Unfortunately, this is bad news. It suggests that most of the changes in deaths can be explained by looking at the cases, and 26 days ago, the cases were just starting to rise. Since then, they have increased almost three-fold. Will the deaths do the same thing?
One way to investigate this is to try to build a model that uses case information to try to predict deaths. So, I tried a simple linear regression model (a line of best fit). It worked ok, but it seemed to be missing something important. Next I tried to incorporate the number of tests, and the percentage of positive tests using a multivariate linear regression model. The results are plotted below:
Here the black dashed curve is the prediction model. The basic idea behind it was to use the number of new cases, the number of total tests and the positive test rate to predict the number of deaths 26 days in the future. This is a way of trying to control for the number of tests (so that we don't mistake changes due to more testing with evidence that things are getting worse). You can see that it works quite well. This model was able to explain 93.7% of the variation in deaths (according to the coefficient of determination or R squared value). It tracks along with the black curve (the observed death totals) quite consistently.
The scary part is what happens when we start projecting into the future. This model suggests that the death totals are likely to continue rising in response to the rising case totals (around 26 days behind) and could increase almost three-fold just as the cases did. Let's hope the model is wrong!
We should be careful about reading too much into the specific numbers for the final prediction. First off, there is a very simple model that I put together quickly. There are better models out there that are more robust (although most if not all agree that the death totals are going to rise).

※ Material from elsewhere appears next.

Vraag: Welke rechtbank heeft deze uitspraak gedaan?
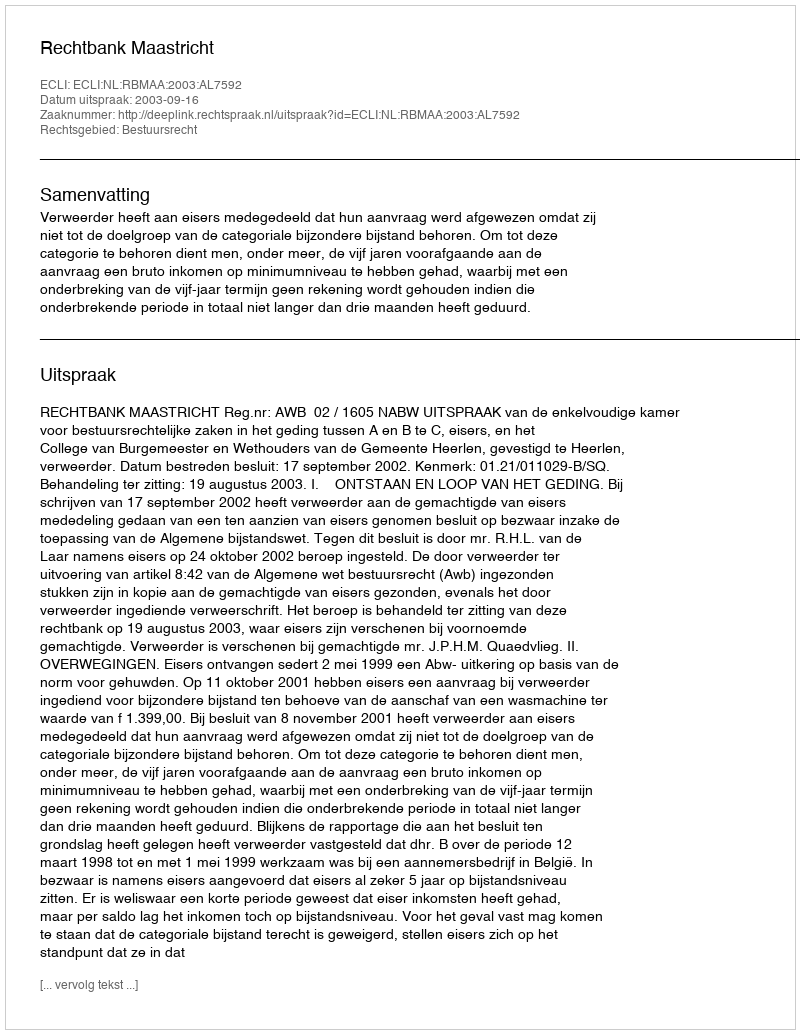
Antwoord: Rechtbank Maastricht
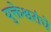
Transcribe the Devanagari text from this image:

Secondly, this model is also somewhat sensitive to changes in the inputs. For example, if you leave out total tests, the predicted deaths only rises to 1000 per day instead of 1600. On the other hand, if you leave out positive tests, then the deaths rise to 3000 per day. So, there is quite a bit of uncertainty about that final value.
Nonetheless, this analysis does suggest that there are two things we can be confident about:
Deaths do lag behind cases by 3-4 weeks. This factor can explain most of the trend in the death totals.
Case totals have risen dramatically, and given the timeline, it is very likely the deaths will follow.
So, good news all around. You are welcome.
PS. One other factor that I did not account for in this model, but that would be worth considering is that the relationship between cases and deaths may be nonlinear. In a linear relationship, 100 additional cases would always correspond to the same number of additional deaths no matter how many cases there were in the first place. However, it seems likely that at some point, that would break down. If hospitals reach capacity, then additional cases would likely cause more deaths, than when there is plenty of room in the ICU. That would work in the other direction as well. Decreasing the number of cases near the peak could cause a great reduction in the number of deaths than would decreasing the number of cases by the same amount during a time when the outbreak was not as severe.